英文 The first novel-view synthesis approaches were based on light fields, f irst densely sampled [Gortler et al. 1996; Levoy and Hanrahan 1996] then allowing unstructured capture [Buehler et al. 2001]. The advent of Structure-from-Motion (SfM) [Snavely et al. 2006] enabled an entire new domain where a collection of photos could be used to synthesize novel views. SfM estimates a sparse point cloud during camera calibration, that was initially used for simple visualization of 3D space. Subsequent multi-view stereo (MVS) produced im pressive full 3D reconstruction algorithms over the years [Goesele et al. 2007], enabling the development of several view synthesis algorithms [Chaurasia et al. 2013; Eisemann et al. 2008; Hedman et al. 2018; Kopanas et al. 2021]. All these methods re-project and blend the input images into the novel view camera, and use the geometry to guide this re-projection. These methods produced ex cellent results in many cases, but typically cannot completely re cover from unreconstructed regions, or from “over-reconstruction”, when MVS generates inexistent geometry. Recent neural render ing algorithms [Tewari et al. 2022] vastly reduce such artifacts and avoid the overwhelming cost of storing all input images on the GPU, outperforming these methods on most fronts.
中文 第一个新颖的视图合成方法基于光场,首先是密集采样 [Gortler 等人。 1996; Levoy 和 Hanrahan 1996] 然后允许非结构化捕获 [Buehler 等人。 2001]。运动结构 (SfM) 的出现 [Snavely 等人。 2006]启用了一个全新的领域,可以使用一组照片来合成新颖的视图。 SfM 在相机校准期间估计稀疏点云,最初用于 3D 空间的简单可视化。随后的多视图立体 (MVS) 多年来产生了令人印象深刻的全 3D 重建算法 [Goesele 等人。 2007],使得多种视图合成算法的开发成为可能[Chaurasia 等人。 2013年;艾斯曼等人。 2008年;赫德曼等人。 2018;科帕纳斯等人。 2021]。所有这些方法都将输入图像重新投影并混合到新颖的视图相机中,并使用几何形状来指导这种重新投影。这些方法在许多情况下产生了出色的结果,但当 MVS 生成不存在的几何体时,通常无法从未重建区域或“过度重建”中完全恢复。最近的神经渲染算法 [Tewari 等人。 2022]大大减少了此类伪影,并避免了将所有输入图像存储在 GPU 上的巨大成本,在大多数方面都优于这些方法。
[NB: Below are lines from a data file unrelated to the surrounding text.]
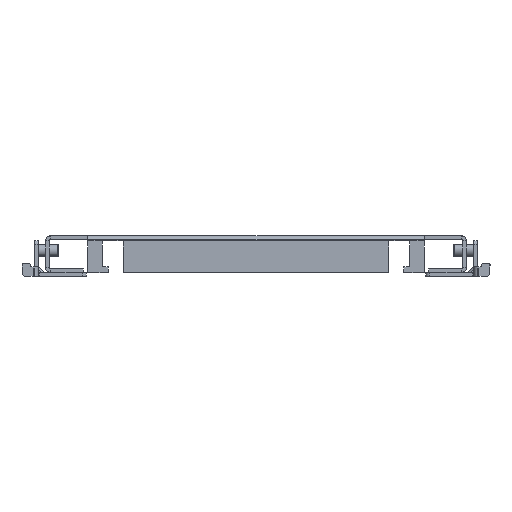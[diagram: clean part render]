
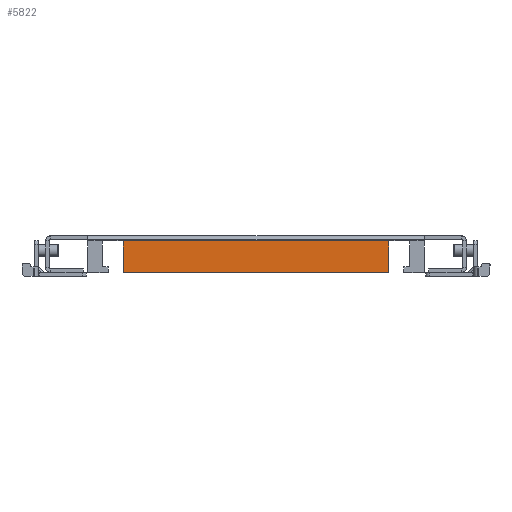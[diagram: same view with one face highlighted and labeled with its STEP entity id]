
A CAD part, front view. The second image highlights one B-rep face of the part: STEP entity #5822.
In plain terms, the highlighted planar face has unit normal (0, -1, 0).
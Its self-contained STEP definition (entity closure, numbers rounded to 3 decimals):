
#33 = CARTESIAN_POINT ( 'NONE',  ( 52.6, 0., -1. ) ) ;
#262 = CARTESIAN_POINT ( 'NONE',  ( 28.5, 0., 0. ) ) ;
#315 = DIRECTION ( 'NONE',  ( 0., 0., -1. ) ) ;
#519 = VERTEX_POINT ( 'NONE', #5084 ) ;
#705 = VERTEX_POINT ( 'NONE', #9862 ) ;
#769 = CARTESIAN_POINT ( 'NONE',  ( 232.4, 0., -22.5 ) ) ;
#993 = LINE ( 'NONE', #10224, #3115 ) ;
#1007 = EDGE_CURVE ( 'NONE', #705, #3213, #5006, .T. ) ;
#1163 = DIRECTION ( 'NONE',  ( 0., 0., -1. ) ) ;
#1498 = EDGE_LOOP ( 'NONE', ( #6280, #11277, #10844, #1506 ) ) ;
#1506 = ORIENTED_EDGE ( 'NONE', *, *, #1007, .T. ) ;
#2146 = EDGE_CURVE ( 'NONE', #9207, #519, #8086, .T. ) ;
#2372 = VECTOR ( 'NONE', #315, 1000. ) ;
#2600 = VECTOR ( 'NONE', #8429, 1000. ) ;
#2984 = DIRECTION ( 'NONE',  ( 0., 0., 1. ) ) ;
#3115 = VECTOR ( 'NONE', #2984, 1000. ) ;
#3213 = VERTEX_POINT ( 'NONE', #33 ) ;
#3262 = AXIS2_PLACEMENT_3D ( 'NONE', #262, #6558, #1163 ) ;
#3565 = VECTOR ( 'NONE', #5533, 1000. ) ;
#5006 = LINE ( 'NONE', #7519, #2600 ) ;
#5084 = CARTESIAN_POINT ( 'NONE',  ( 52.6, 0., -22.5 ) ) ;
#5533 = DIRECTION ( 'NONE',  ( -1., 0., 0. ) ) ;
#5822 = ADVANCED_FACE ( 'NONE', ( #6594 ), #9256, .T. ) ;
#6280 = ORIENTED_EDGE ( 'NONE', *, *, #8864, .T. ) ;
#6558 = DIRECTION ( 'NONE',  ( 0., -1., 0. ) ) ;
#6594 = FACE_OUTER_BOUND ( 'NONE', #1498, .T. ) ;
#7125 = EDGE_CURVE ( 'NONE', #9207, #705, #993, .T. ) ;
#7519 = CARTESIAN_POINT ( 'NONE',  ( 28.5, 0., -1. ) ) ;
#8086 = LINE ( 'NONE', #8263, #3565 ) ;
#8263 = CARTESIAN_POINT ( 'NONE',  ( 28.5, 0., -22.5 ) ) ;
#8429 = DIRECTION ( 'NONE',  ( -1., 0., 0. ) ) ;
#8444 = CARTESIAN_POINT ( 'NONE',  ( 52.6, 0., -1. ) ) ;
#8864 = EDGE_CURVE ( 'NONE', #3213, #519, #9578, .T. ) ;
#9207 = VERTEX_POINT ( 'NONE', #769 ) ;
#9256 = PLANE ( 'NONE',  #3262 ) ;
#9578 = LINE ( 'NONE', #8444, #2372 ) ;
#9862 = CARTESIAN_POINT ( 'NONE',  ( 232.4, 0., -1. ) ) ;
#10224 = CARTESIAN_POINT ( 'NONE',  ( 232.4, 0., -1. ) ) ;
#10844 = ORIENTED_EDGE ( 'NONE', *, *, #7125, .T. ) ;
#11277 = ORIENTED_EDGE ( 'NONE', *, *, #2146, .F. ) ;
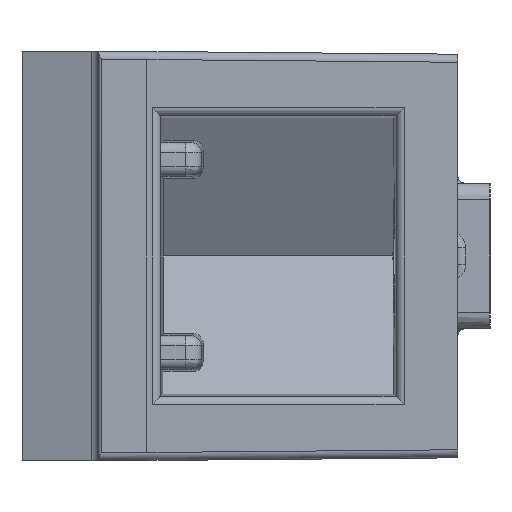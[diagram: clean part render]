
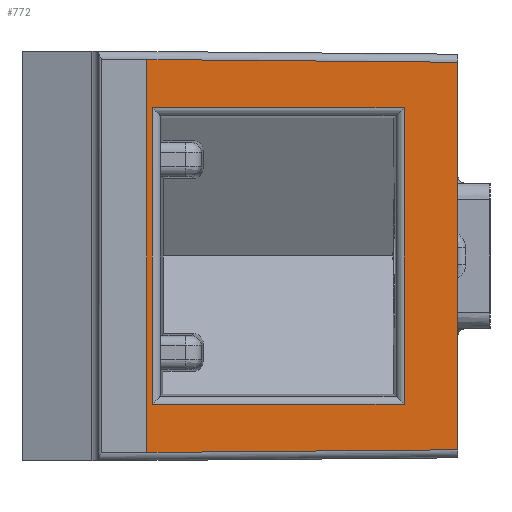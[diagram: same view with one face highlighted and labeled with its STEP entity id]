
A CAD part, left-side view. The second image highlights one B-rep face of the part: STEP entity #772.
In plain terms, the highlighted planar face has unit normal (-1, 0, 0).
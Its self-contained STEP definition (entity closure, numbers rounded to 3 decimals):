
#156 = CARTESIAN_POINT ( 'NONE',  ( -31.5, 9.65, 6.1 ) ) ;
#243 = VECTOR ( 'NONE', #6028, 1000. ) ;
#271 = CARTESIAN_POINT ( 'NONE',  ( -31.5, 9.65, -6.1 ) ) ;
#462 = LINE ( 'NONE', #9296, #10562 ) ;
#572 = CARTESIAN_POINT ( 'NONE',  ( -31.5, 9.652, 6.1 ) ) ;
#772 = ADVANCED_FACE ( 'NONE', ( #2502, #3153 ), #13426, .T. ) ;
#1134 = ORIENTED_EDGE ( 'NONE', *, *, #10274, .T. ) ;
#1247 = LINE ( 'NONE', #6937, #3736 ) ;
#1488 = CARTESIAN_POINT ( 'NONE',  ( -31.5, 0., -6.016 ) ) ;
#1641 = CARTESIAN_POINT ( 'NONE',  ( -31.5, 9.483, -4.608 ) ) ;
#1807 = DIRECTION ( 'NONE',  ( 0., -1., 0.009 ) ) ;
#1981 = EDGE_LOOP ( 'NONE', ( #5146, #5449, #10012, #6904 ) ) ;
#2087 = EDGE_CURVE ( 'NONE', #8870, #8834, #3112, .T. ) ;
#2239 = VERTEX_POINT ( 'NONE', #271 ) ;
#2351 = EDGE_CURVE ( 'NONE', #6883, #7785, #5747, .T. ) ;
#2489 = LINE ( 'NONE', #8884, #3143 ) ;
#2502 = FACE_BOUND ( 'NONE', #3525, .T. ) ;
#2684 = AXIS2_PLACEMENT_3D ( 'NONE', #6968, #13429, #13443 ) ;
#3112 = LINE ( 'NONE', #3500, #243 ) ;
#3143 = VECTOR ( 'NONE', #8413, 1000. ) ;
#3153 = FACE_OUTER_BOUND ( 'NONE', #1981, .T. ) ;
#3500 = CARTESIAN_POINT ( 'NONE',  ( -31.5, 9.236, -4.608 ) ) ;
#3525 = EDGE_LOOP ( 'NONE', ( #8291, #3749, #6620, #1134 ) ) ;
#3572 = LINE ( 'NONE', #8241, #3911 ) ;
#3674 = VECTOR ( 'NONE', #8281, 1000. ) ;
#3736 = VECTOR ( 'NONE', #6974, 1000. ) ;
#3749 = ORIENTED_EDGE ( 'NONE', *, *, #5636, .T. ) ;
#3911 = VECTOR ( 'NONE', #1807, 1000. ) ;
#4011 = EDGE_CURVE ( 'NONE', #7785, #2239, #2489, .T. ) ;
#4186 = CARTESIAN_POINT ( 'NONE',  ( -31.5, 1.667, -4.608 ) ) ;
#4621 = VERTEX_POINT ( 'NONE', #6697 ) ;
#4903 = LINE ( 'NONE', #10574, #7474 ) ;
#5146 = ORIENTED_EDGE ( 'NONE', *, *, #8103, .F. ) ;
#5354 = EDGE_CURVE ( 'NONE', #4621, #10921, #4903, .T. ) ;
#5449 = ORIENTED_EDGE ( 'NONE', *, *, #2351, .T. ) ;
#5636 = EDGE_CURVE ( 'NONE', #10921, #8870, #1247, .T. ) ;
#5747 = LINE ( 'NONE', #572, #13602 ) ;
#6028 = DIRECTION ( 'NONE',  ( 0., 1., 0. ) ) ;
#6534 = LINE ( 'NONE', #7924, #3674 ) ;
#6620 = ORIENTED_EDGE ( 'NONE', *, *, #2087, .T. ) ;
#6697 = CARTESIAN_POINT ( 'NONE',  ( -31.5, 9.483, 4.608 ) ) ;
#6883 = VERTEX_POINT ( 'NONE', #11054 ) ;
#6904 = ORIENTED_EDGE ( 'NONE', *, *, #12882, .T. ) ;
#6937 = CARTESIAN_POINT ( 'NONE',  ( -31.5, 1.667, 6.35 ) ) ;
#6968 = CARTESIAN_POINT ( 'NONE',  ( -31.5, 75.417, 6.35 ) ) ;
#6974 = DIRECTION ( 'NONE',  ( 0., 0., -1. ) ) ;
#7037 = CARTESIAN_POINT ( 'NONE',  ( -31.5, 1.667, 4.608 ) ) ;
#7474 = VECTOR ( 'NONE', #10513, 1000. ) ;
#7785 = VERTEX_POINT ( 'NONE', #156 ) ;
#7924 = CARTESIAN_POINT ( 'NONE',  ( -31.5, 0., 6.35 ) ) ;
#8103 = EDGE_CURVE ( 'NONE', #6883, #8636, #6534, .T. ) ;
#8241 = CARTESIAN_POINT ( 'NONE',  ( -31.5, 75.304, -6.673 ) ) ;
#8281 = DIRECTION ( 'NONE',  ( 0., 0., -1. ) ) ;
#8291 = ORIENTED_EDGE ( 'NONE', *, *, #5354, .T. ) ;
#8413 = DIRECTION ( 'NONE',  ( 0., 0., -1. ) ) ;
#8636 = VERTEX_POINT ( 'NONE', #1488 ) ;
#8834 = VERTEX_POINT ( 'NONE', #1641 ) ;
#8870 = VERTEX_POINT ( 'NONE', #4186 ) ;
#8884 = CARTESIAN_POINT ( 'NONE',  ( -31.5, 9.65, 6.35 ) ) ;
#9296 = CARTESIAN_POINT ( 'NONE',  ( -31.5, 9.483, 4.36 ) ) ;
#9339 = DIRECTION ( 'NONE',  ( 0., 1., 0.009 ) ) ;
#10012 = ORIENTED_EDGE ( 'NONE', *, *, #4011, .T. ) ;
#10274 = EDGE_CURVE ( 'NONE', #8834, #4621, #462, .T. ) ;
#10396 = DIRECTION ( 'NONE',  ( 0., 0., 1. ) ) ;
#10513 = DIRECTION ( 'NONE',  ( 0., -1., 0. ) ) ;
#10562 = VECTOR ( 'NONE', #10396, 1000. ) ;
#10574 = CARTESIAN_POINT ( 'NONE',  ( -31.5, 1.915, 4.608 ) ) ;
#10921 = VERTEX_POINT ( 'NONE', #7037 ) ;
#11054 = CARTESIAN_POINT ( 'NONE',  ( -31.5, 0., 6.016 ) ) ;
#12882 = EDGE_CURVE ( 'NONE', #2239, #8636, #3572, .T. ) ;
#13426 = PLANE ( 'NONE',  #2684 ) ;
#13429 = DIRECTION ( 'NONE',  ( -1., 0., 0. ) ) ;
#13443 = DIRECTION ( 'NONE',  ( 0., 0., 1. ) ) ;
#13602 = VECTOR ( 'NONE', #9339, 1000. ) ;

2.2 Neural Rendering and Radiance Fields

英文 Deeplearning techniques were adopted early for novel-view synthe sis [Flynn et al. 2016; Zhou et al. 2016]; CNNs were used to estimate blendingweights[Hedmanetal.2018],orfortexture-spacesolutions [Riegler and Koltun 2020; Thies et al. 2019]. The use of MVS-based geometry is a major drawback of most of these methods; in addition, the use of CNNs for final rendering frequently results in temporal f lickering. Volumetric representations for novel-view synthesis were ini tiated by Soft3D [Penner and Zhang 2017]; deep-learning tech niques coupled with volumetric ray-marching were subsequently proposed[Henzleretal.2019;Sitzmannetal.2019]buildingonacon tinuous differentiable density field to represent geometry. Rendering using volumetric ray-marching has a significant cost due to the large number of samples required to query the volume. Neural Radiance Fields (NeRFs) [Mildenhall et al. 2020] introduced importance sam pling and positional encoding to improve quality, but used a large Multi-Layer Perceptron negatively affecting speed. The success of NeRFhasresulted in anexplosion of follow-up methods that address quality and speed, often by introducing regularization strategies; the current state-of-the-art in image quality for novel-view synthesis is Mip-NeRF360 [Barron et al. 2022]. While the rendering quality is outstanding, training and rendering times remain extremely high; we are able to equal or in some cases surpass this quality while providing fast training and real-time rendering.
中文 深度学习技术早期被用于新视角合成¹²。卷积神经网络(CNN)被用于估计融合权重³,或者用于纹理空间解决方案⁴。然而,大多数这些方法都使用基于多视图立体几何的表示,这是一个主要的缺点。此外,使用CNN进行最终渲染通常会导致时间上的闪烁。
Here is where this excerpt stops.